Pesquisas reaproveitam biomassa da soja e etanol no Paraná

Brunno Brugnolo - Metro Curitiba

As pesquisas desenvolveram subprodutos para a indústria alimentícia e também para a avicultura e pecuária.

Duas pesquisas nascidas na pós-graduação da UFPR desenvolveram subprodutos para a indústria alimentícia e também para a avicultura e pecuária a partir da biomassa de dois elementos abundantes no país: o farelo de soja e a levedura da produção de etanol.

Uma das pesquisas, da mestra Juliana Teodoro, se aproveitou da levedura excedente da indústria sucroalcooleira e de bebidas e desenvolveu um processo obtendo diferentes frações da moléculas – com diferentes aplicações – gerando dois subprodutos.

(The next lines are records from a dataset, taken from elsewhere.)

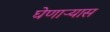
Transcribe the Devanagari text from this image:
घेणाऱ्यास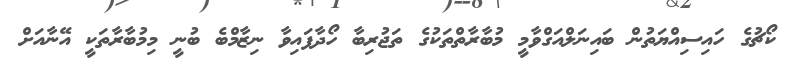
ކޯޗުގެ ހައިސިއްޔަތުން ބައިނަލްއަގްވާމީ މުބާރާތްތަކުގެ ތަޖުރިބާ ހޯދާފައިވާ ނިޒާމްބެ ބުނީ މިމުބާރާތަކީ އޭނާއަށް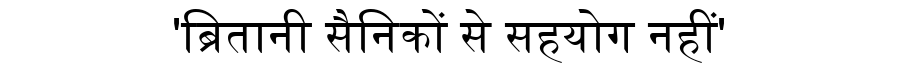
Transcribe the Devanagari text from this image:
'ब्रितानी सैनिकों से सहयोग नहीं'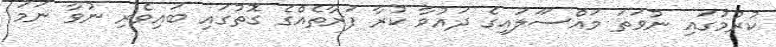
ކުރުމުގައި ނުވަތަ މައްސަަލައިގެ ދައުވާ ކުރާ ފަރާތެއްގެ ގޮތުގައި ބައިވެރި ނުވާ ނަމަ

Um deles são de substâncias flavorizantes, os realçadores de sabor usados na indústria alimentícia. O segundo subproduto foram substâncias imunoestimulantes para uso na ração animal. “O aditivo na ração tem a função de ligar bactérias com a salmonella e assim inibir infecções, aumentando a resistência do animal”, explica o professor Miguel Noseda, do Departamento de Bioquímica e Biologia Molecular da UFPR.

Os testes, feitos no laboratório do professor desde 2010, tiveram a parceria da Bio4 Soluções Biotecnológicas, empresa incubada na Universidade Positivo – foi a 1ª pesquisa aplicada deste setor da UFPR atrelada a uma empresa ativa no mercado.

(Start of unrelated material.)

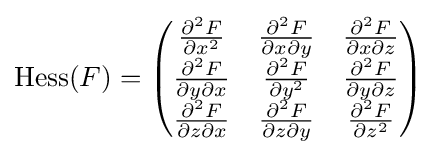
\textstyle {\mbox{Hess}}(F)={\begin{pmatrix}{\frac {\partial ^{2}F}{\partial x^{2}}}&{\frac {\partial ^{2}F}{\partial x\partial y}}&{\frac {\partial ^{2}F}{\partial x\partial z}}\\{\frac {\partial ^{2}F}{\partial y\partial x}}&{\frac {\partial ^{2}F}{\partial y^{2}}}&{\frac {\partial ^{2}F}{\partial y\partial z}}\\{\frac {\partial ^{2}F}{\partial z\partial x}}&{\frac {\partial ^{2}F}{\partial z\partial y}}&{\frac {\partial ^{2}F}{\partial z^{2}}}\end{pmatrix}}

Além disso, testes para avaliar as aplicações foram realizados em aves no aviário da UFPR, com o apoio da Imunova, incubada no Setor de Ciências Biológicas da UFPR. Já em outra pesquisa, Noseda orientou a tese da doutora Jenifer Rodrigues, que utilizou o farelo de soja, subproduto gerado da produção do óleo de soja, para também inibir infeções no aparelho digestivo dos animais.

“Normalmente o farelo é usado para ração animal, pois tem boa quantidade de proteínas. Esse farelo foi tratado termicamente, modificado e também virou um aditivo para ração, semelhante ao gerado pela levedura”, explica o professor.

Esses aditivos, na prática, servem como substitutos de medicamentos. “Tem muita pesquisa na procura de alternativas para o uso de antibióticos. Existe uma demanda para erradicar o uso em larga escala, como na União Europeia”, diz.

A ideia geral nas duas pesquisas, segundo Noseda, era aproveitar o potencial biotecnológico para gerar subprodutos de maior valor agregado e consequentemente diminuir o impacto na natureza, pois muitas vezes essas biomassas eram descartadas.

Ambas as descobertas já registraram pedidos de patente no INPI (Instituto Nacional da Propriedade Industrial). A versão final da pesquisa de Juliana em 2015, após uma revisão da redação, e a de Jenifer em 2013. “Estamos no aguardo, os pedidos estão levando de sete a dez anos para serem deferidos”, conta o professor.

A expectativa agora é que uma vez que as patentes sejam concedidas, a universidade possa fazer a transferência de tecnologia para empresas interessadas. Dessa maneira, os royalties gerados seriam reinvestidos em pesquisa.